Consider a predictive modeling case where the number of samples is limited, but the data on the samples is rich. For context, I'm doing a multivariate time series prediction, with a few thousand (pseudo-) independent time series of about 50 variables each, over about 100 periods. Obviously, because I'm pooling them, I'm attempting to learn a function that fits each of the few thousand time series in an average sense.
Essentially, my model is $$ \mathbf{Y}_{it} = f(\mathbf{Y}_{lags}, \Lambda) + \epsilon_{it} $$
where $\mathbf{Y}$ is a matrix of outcome variables indexed by the cross-sectional unit and time (in keras, it has dimension $i \times t \times p$ where $p$ is the number of variables), $\Lambda$ is a vector of hyperparameters -- things like regularization penalties and dropout rates, and $f$ is some time series network, like a temporal convolutional network or a LSTM.
Rather than explicitly trying to find one optimal value of $\Lambda$, I'm using the following algorithm to train $f$. It's a form of Bayesian Hyperparameter Optimization (I guess), only it allows for optimal $\Lambda$ to change over the course of training:
- Split data into training/testing set
- For initial $\theta$ (defining $\theta$ as the weights/parameters that make up the actual model), compute test loss, put it in $L^{old}$, and put $\theta$ in $\theta^{old}$
- Draw from some distribution of candidate values of $\Lambda$, use to train model to get $\theta^{new}$ and $L^{new}$. If $L^{new} < L^{old}$, put $\theta^{new}$ into $\theta^{old}$. Otherwise retain $\theta^{old}$ for the next epoch.
- Repeat (3) until satisfied
Here's my question: is there anything wrong with redefining the train/test split between epochs?
The algorithm would become:
- Initialize $\theta$, call it $\theta^{old}$
- Define a random train test split, then compute $L^{old}$ on the new test set
- Draw from some distribution of candidate values of $\Lambda$, use to train model to get $\theta^{new}$ and $L^{new}$. If $L^{new} < L^{old}$, put $\theta^{new}$ into $\theta^{old}$. Otherwise retain $\theta^{old}$ for the next epoch.
- Repeat (2) and then (3) until satisfied
Obviously I'd have to use some moving average of loss over epochs, because losses between testing sets won't be comparable.
I don't see why this should overfit necessarily.

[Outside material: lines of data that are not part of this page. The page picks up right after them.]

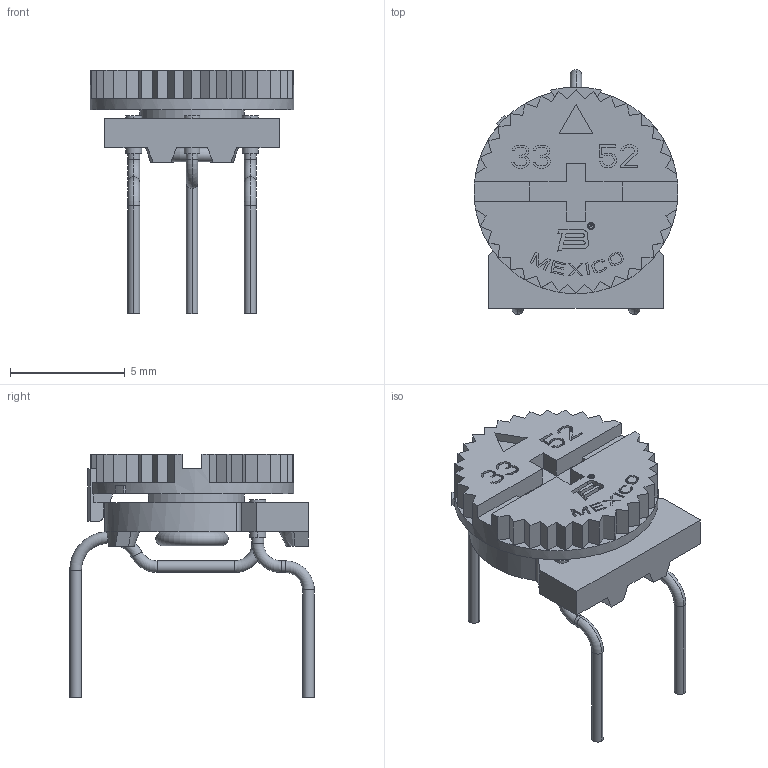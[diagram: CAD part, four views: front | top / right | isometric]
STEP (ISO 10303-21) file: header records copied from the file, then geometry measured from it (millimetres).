
FILE_DESCRIPTION((''),'2;1');
FILE_NAME('34880-05601','2021-02-22T11:37:08',('keilanic'),(''),'CREO PARAMETRIC BY PTC INC, 2018050','CREO PARAMETRIC BY PTC INC, 2018050','');
FILE_SCHEMA(('CONFIG_CONTROL_DESIGN'));
Length unit declared in the file: inch
Products named in the file (1): 34880-05601
Bounding box: 8.89 x 10.67 x 10.62 mm (x, y, z)
Volume: 187.4 mm3; surface area: 460.5 mm2
Topology: 1 solids, 2 shells, 619 faces, 1672 edges, 1085 vertices
Faces by surface type: plane 537, cylinder 50, torus 21, cone 7, bspline 4
Entity records: 19269 total; most frequent: CARTESIAN_POINT 3532, ORIENTED_EDGE 3344, DIRECTION 3091, EDGE_CURVE 1672, VECTOR 1467, LINE 1467, VERTEX_POINT 1085, AXIS2_PLACEMENT_3D 812

It's akin to bagging in that it uses many different train/test splits, but I'm not building many models to average. Instead I'm making the different observations "take turns" at the test set. The reason that I'm considering it is that I don't have millions of cross-sectional units, and I want to avoid bias stemming from too-big of a test set, as well as the expense of bagging.
It could be said that a given epoch could overfit to a specific observation, and then that could persist when that observation does its turn in the test set. But it seems to me that this effect would eventually wash out, especially if for each epoch I enforce that the training set and the testing set are together smaller than the total number of samples.
I'd appreciate suggestions on the algorithm! Or, has someone already invented this technique and called it something that I haven't been able to find on google? That'd be helpful too.
Edit It should be mentioned that my population has a fixed size $i$ -- new data will come in the form of more time $t$, rather than more cross-sectional units $i$. Many time series ML models only use some future period as a target, but I explicitly want my model to both explain the past (using cross-sectional variation) as well as predict the future.
To be more specific, I have about 2000 locations, from 1900 to present. The first thing I'm going to do is to train my model up to 1980, and see how well it predicts the present day. If it does, I'll follow this approach to train the model up to the present, and then project it into the future.